On commence par une pointe d’humour – il faut en profiter, il n’y en aura pas d’autre. Dans un Londres brumeux et glacial à souhait, un gamin vient uriner sur la tombe de Jacob Marley (Stephen Graham), le défunt associé de Scrooge dans leur étude de comptables. Six pieds sous terre, le macchabée bouillonne de colère puis crie, sans bien sûr être entendu: «Mais il est quand même écrit qu’il repose en paix! En paix!» Marley prend une certaine importance dans le récit puisque c’est lui qui, d’abord, rencontre le premier esprit (Andy Serkis, ex-Gollum), celui qui se penche sur le passé.
UNE INSTITUTION BRITANNIQUE
Dans son bureau sombre et froid, malgré le fait qu’il a octroyé une brique de charbon de plus à son employé Bob Cratchit (Joe Alwyn), un geste inouï, Ebenezer Scrooge (Guy Pearce) discourt sur la vacuité de Noël, l’hypocrisie de ce soudain moment de fraternité humaine, la duplicité de ces grandes retrouvailles familiales. Il retient son commis, lequel brûle de partir rejoindre femme et enfant pour le réveillon de Noël. Scrooge finit par le libérer, s’éternise au bureau puis revient dans sa maison, ingère son habituel gruau, s’endort et… se retrouve embarqué dans un sinistre périple dans son propre passé, face à sa cruauté présente, et devant ses douleurs futures. Préfacière de l’édition française au Livre de poche, Christine Huguet rappelle que le conte représente «une véritable institution nationale, alors même qu’il n’est parfois connu qu’à travers quelques morceaux de bravoure lus en classe», au point que «Charles Dickens incarne Noël».

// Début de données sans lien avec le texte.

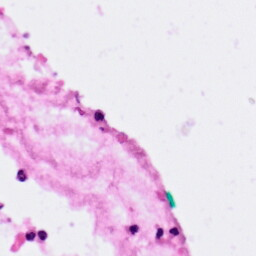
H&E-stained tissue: Pancreatic
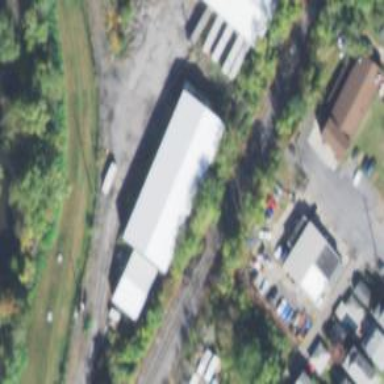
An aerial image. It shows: Disused railway siding.
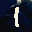
Label: 1
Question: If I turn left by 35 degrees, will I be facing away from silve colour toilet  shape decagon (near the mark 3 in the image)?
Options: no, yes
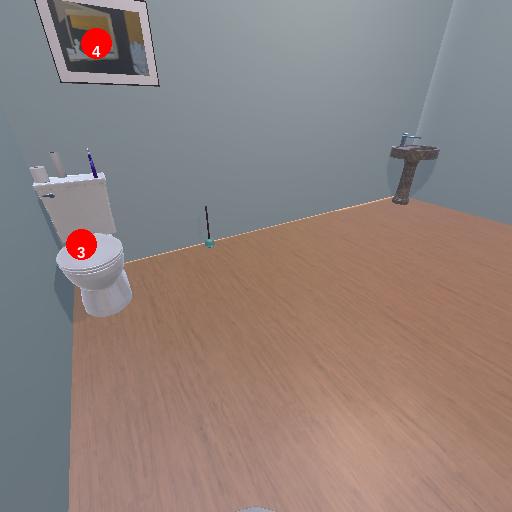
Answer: no
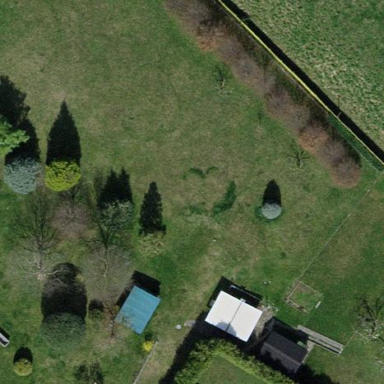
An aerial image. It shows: Garden surrounded by fence.

L’incalculable nombre d’adaptations de l’oeuvre de Dickens pourrait pousser à relativiser l’entreprise: après tout, celle-ci en est une après tant d’autres, et avant bien d’autres. Mais cela fait quelque temps que le média TV ne s’était pas emparé du conte, et le prestige de Steven Knight accroît le poids de la démarche.
UNE ALLÉGRESSE ABSENTE
Dès lors, même si ce n’est pas la seule clé de lecture possible, on ne peut éviter de faire le lien avec le conte de 1843. Le scénariste s’est surtout exprimé pour défendre les éléments qu’il a ajoutés à l’intrigue; on peut commencer par regretter ce à quoi il a renoncé – l’humour, justement. Grave, pesante parfois, l’allégorie de Dickens a ses moments de bonhomie, d’allégresse parfois, avant la libération finale du personnage.

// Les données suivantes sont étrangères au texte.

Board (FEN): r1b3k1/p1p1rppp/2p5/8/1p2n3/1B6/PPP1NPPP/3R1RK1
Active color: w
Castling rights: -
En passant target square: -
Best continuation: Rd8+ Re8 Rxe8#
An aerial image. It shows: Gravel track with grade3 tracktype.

Steven Knight opte pour les ténèbres. Son conte de Noël a tout de la descente aux enfers. Il est d’ailleurs dès le début question de «rédemption», ce qui n’est pas exactement le cadre moral ou religieux de l’écrivain du XIXe siècle: Scrooge doit certes se racheter, mais c’est une conséquence de sa prise de conscience, non son moteur.

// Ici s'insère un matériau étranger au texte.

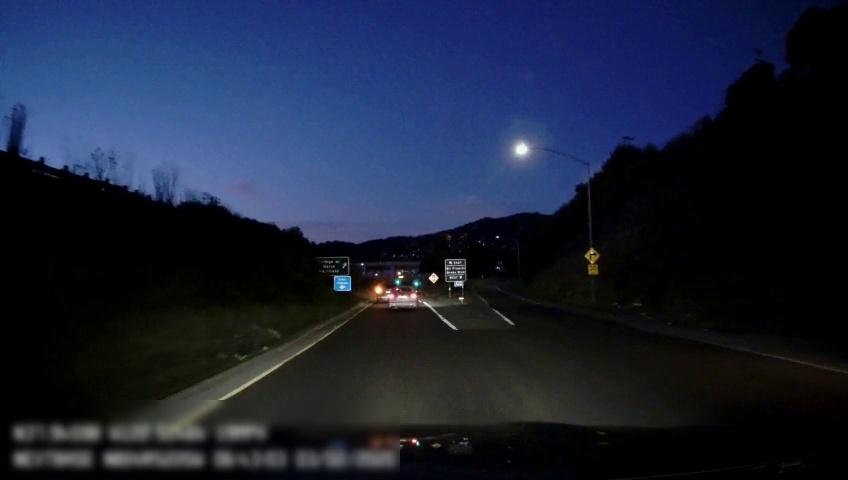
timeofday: Night
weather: Other
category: Drivable Space
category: Vehicles | Car
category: Vehicles | SUV
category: Lanes | Current Lane
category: Lanes | Alternate Lane
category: Lanes | Alternate Lane
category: Lanes | Alternate Lane
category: Traffic | Signs
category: Traffic | Signs
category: Traffic | Signs
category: Traffic | Signs
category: Traffic | Signs
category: Traffic | Signs

Le créateur de la désastreuse See (chez Apple) s’est également senti obligé d’intégrer des thématiques jugées actuelles, en particulier la pédophilie, ainsi qu’une touche d’allusions féministes. Le premier point, en particulier, pèse lourd sur la fable façon 2019, la lestant d’un pessimisme qui la ravage. Ce
Chant de Noël émane sans aucun doute de la fin des années 2010. C’est son mérite, et sa limite.
«A Christmas Carol», mini-série en trois épisodes disponible sur MyCanal.